Ya the mallard machine spins WAY too fast. If you know your electronics well enough you could slow it down just give it high reistance, there are many different ways to do this


----------



## nobes

Yeah i figured it would, i'm not smart enough to slow it down. I'm going to try some wiper motors, called the local junk yard and they said 6 bucks....You must want the older motors? The new ones have a switchboard/eletrical box with them that has something to do with shuting off the vehicle. Are there any models that work the best?


----------



## Andy Weber

nobes said:


> Yeah i figured it would, i'm not smart enough to slow it down. I'm going to try some wiper motors, called the local junk yard and they said 6 bucks....You must want the older motors? The new ones have a switchboard/eletrical box with them that has something to do with shuting off the vehicle. Are there any models that work the best?


1990 chevy is a basic one


----------



## Tuleman

Hey guys. Great thread. I have a rotary built like the pics above, but still need help. I bought a wiper motor out of a 95 ford bronco from the local salvage place. It has a 6 wire harness coming out of the thing. I had thought that the wires were for the different delay times for the intermittent wipers and would be able to pick my speed from the different wires. I haven't been able to figure out how to get the thing hooked to a battery and run. In fact, haven't been able to get any combination of the wires to even make the thing turn. Any help would be appreciated.

Thanks,
Tim


----------



## Bluekilla

Seriously time is money to me. I built some only to have the motors go bad or other misc crap go wrong. Spend the money and buy a lightweight one from sillosocks. With a remote.  Worth it in the end.
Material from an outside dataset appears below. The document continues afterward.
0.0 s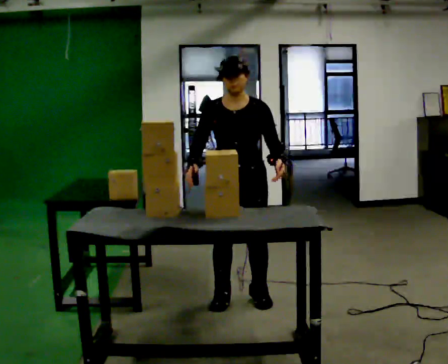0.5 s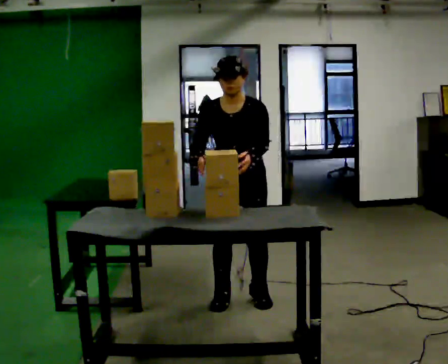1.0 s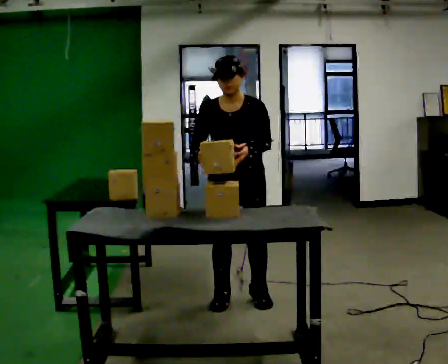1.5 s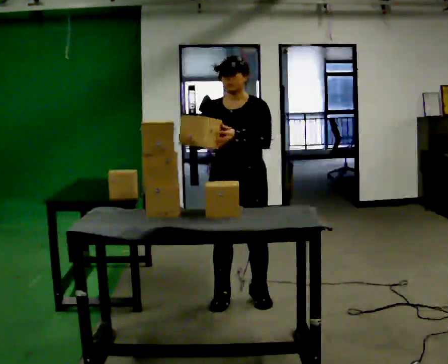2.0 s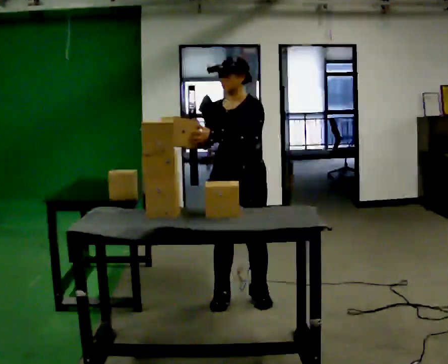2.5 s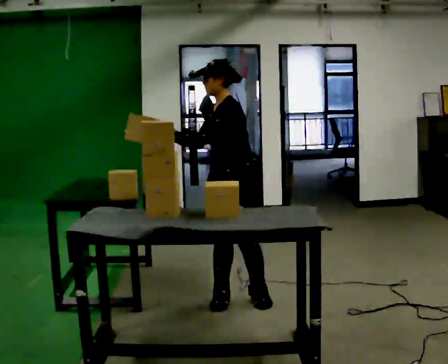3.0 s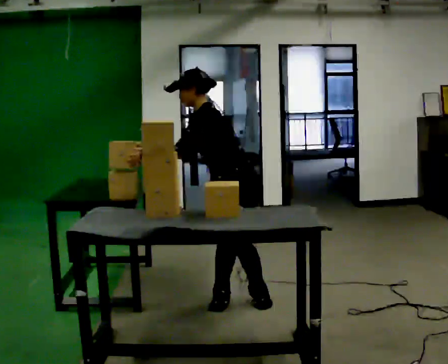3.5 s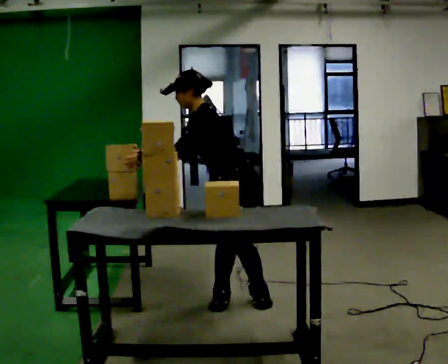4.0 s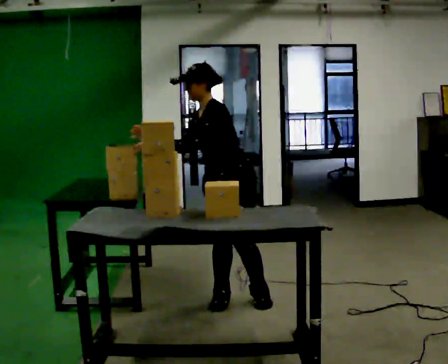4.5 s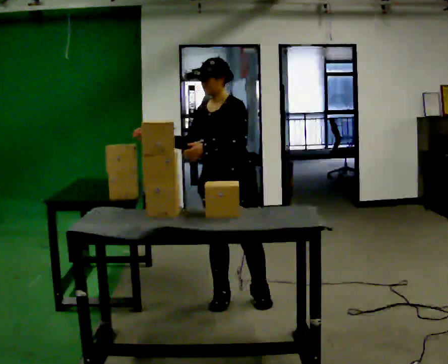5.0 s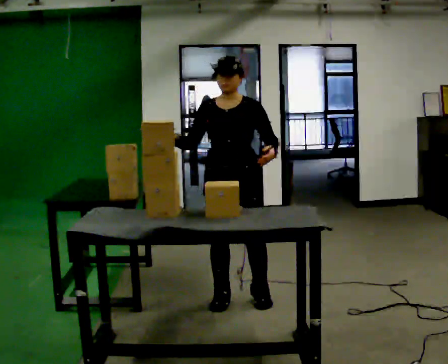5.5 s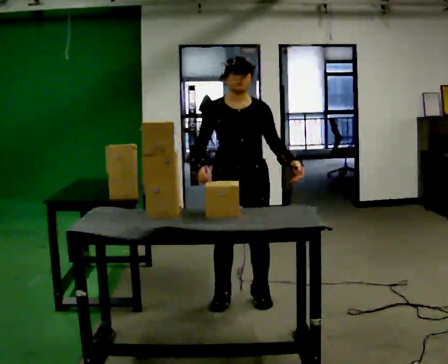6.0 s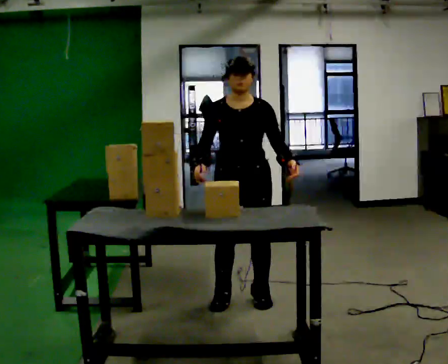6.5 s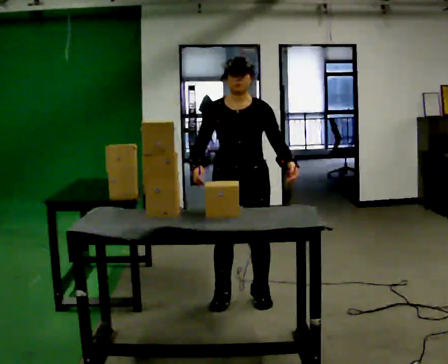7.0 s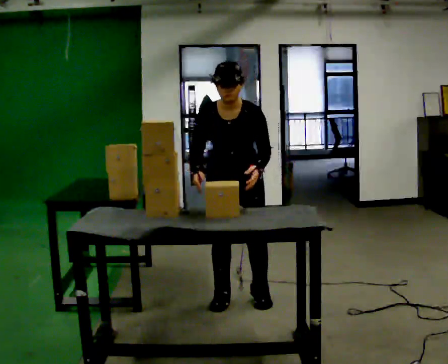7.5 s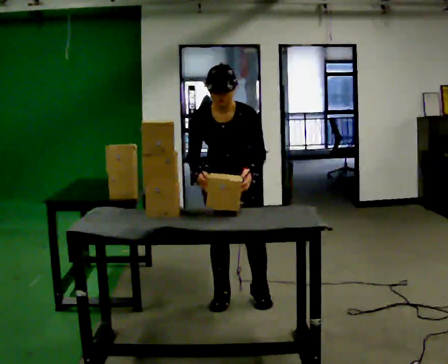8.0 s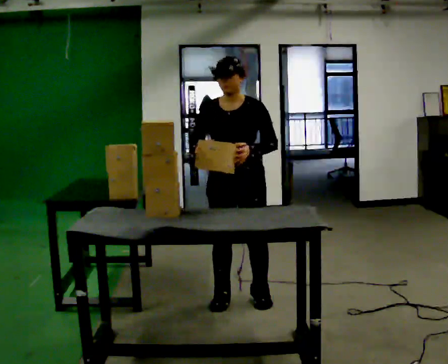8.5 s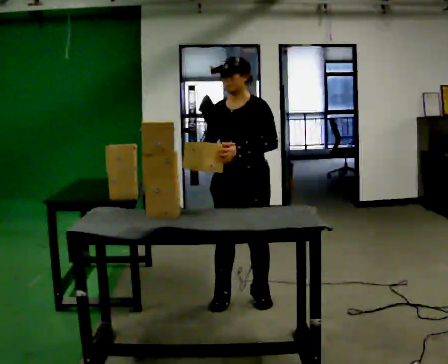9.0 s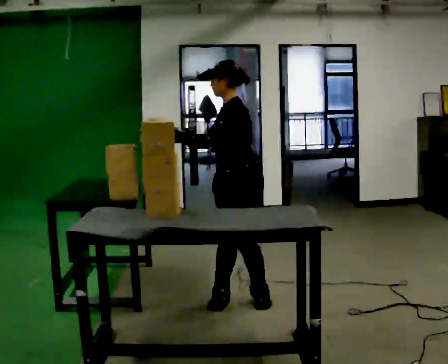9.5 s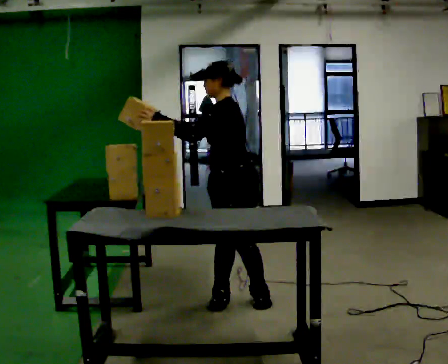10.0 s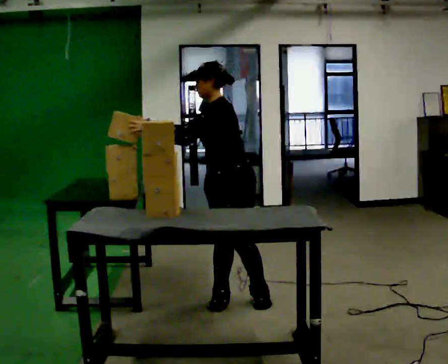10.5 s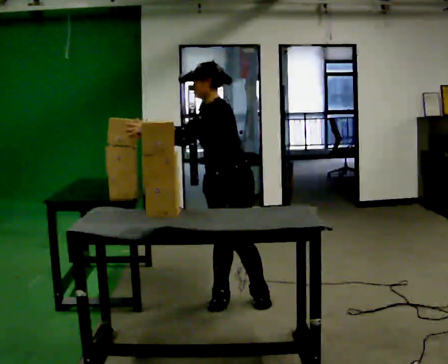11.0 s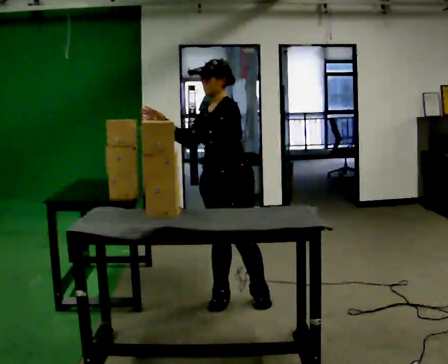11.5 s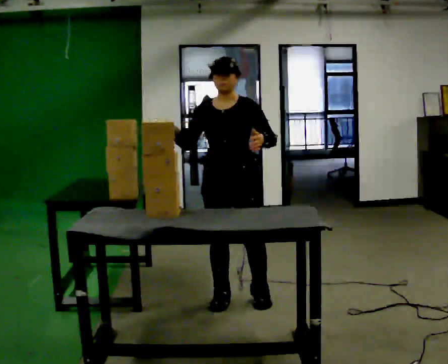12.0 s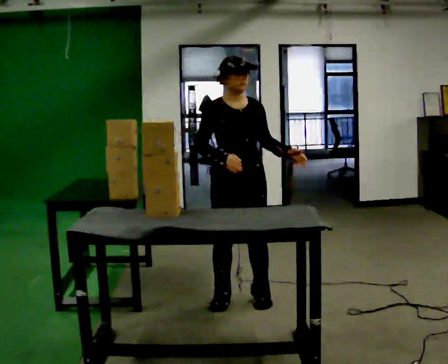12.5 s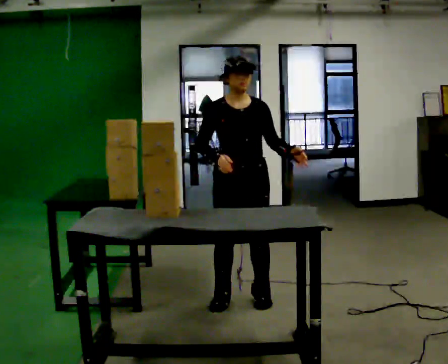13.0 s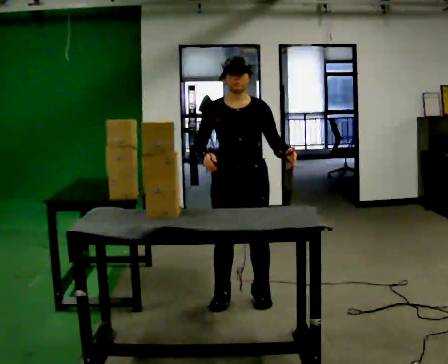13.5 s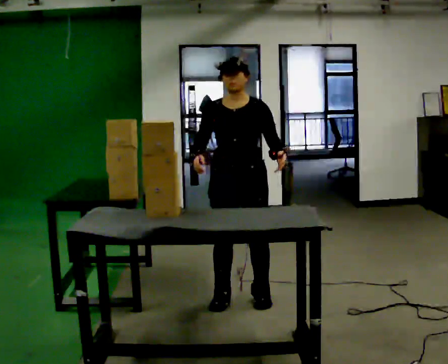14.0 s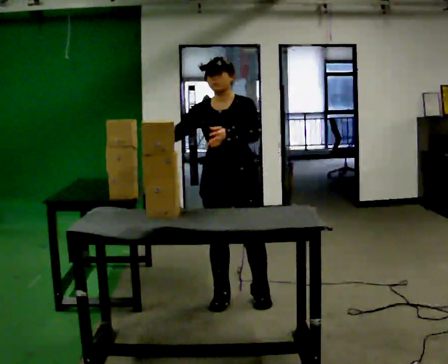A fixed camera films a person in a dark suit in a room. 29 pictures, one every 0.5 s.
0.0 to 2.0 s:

Heck I got a sillosock one I will sell for $150.


----------



## Andy Weber

Tuleman said:


> Hey guys. Great thread. I have a rotary built like the pics above, but still need help. I bought a wiper motor out of a 95 ford bronco from the local salvage place. It has a 6 wire harness coming out of the thing. I had thought that the wires were for the different delay times for the intermittent wipers and would be able to pick my speed from the different wires. I haven't been able to figure out how to get the thing hooked to a battery and run. In fact, haven't been able to get any combination of the wires to even make the thing turn. Any help would be appreciated.
> 
> Thanks,
> Tim


It should have that six plug harness and then a 2 or 4 wire plug on top. Choose one of those and then any of the others for speed


----------



## Tuleman

No other plugs or wires on it. Not sure what to do with it....


----------